A experiência dos repórteres políticos

Já passaram três semanas sobre as eleições de 4 de outubro e a incerteza sobre a opção governativa que vai prevalecer continua. Ao mesmo tempo, no horizonte próximo português há, pelo menos, uma outra eleição, a do Presidente da República, prevista para janeiro. Pode ter duas voltas e tem vários candidatos na grelha de partida.

Enquanto se discute quem vai governar Portugal nos próximos tempos, vale analisar o processo eleitoral e o modelo de campanha que tem sido praticado em Portugal. Tratámos de ouvir a opinião de quatro experientes jornalistas: Anabela Neves, jornalista parlamentar da SIC; Eunice Lourenço, chefe de redação da Rádio Renascença; Maria Flor Pedroso, editora política da Antena 1; Jair Rattner, correspondente em Portugal de vários órgãos de comunicação social brasileiros.

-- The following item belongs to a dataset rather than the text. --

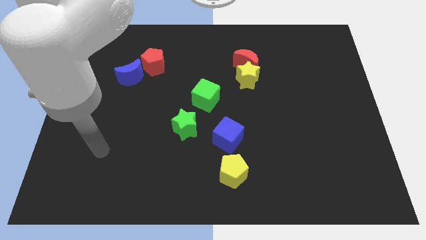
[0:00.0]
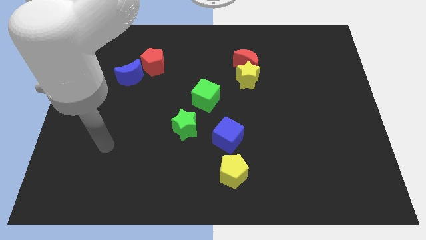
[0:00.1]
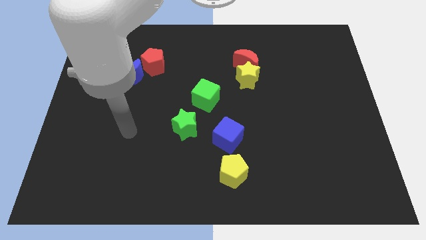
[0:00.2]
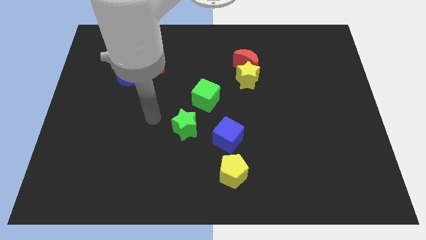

Um tema como ponto de partida: as campanhas eleitorais com os candidatos ao longo de duas ou três semanas em carrossel de comícios pelo país, será que isso continua a fazer sentido?

Eunice Lourenço, chefe de redação da Rádio Renascença, entrevistada pelo repórter Ricardo Farinha, entende que é tempo de mudar o modelo.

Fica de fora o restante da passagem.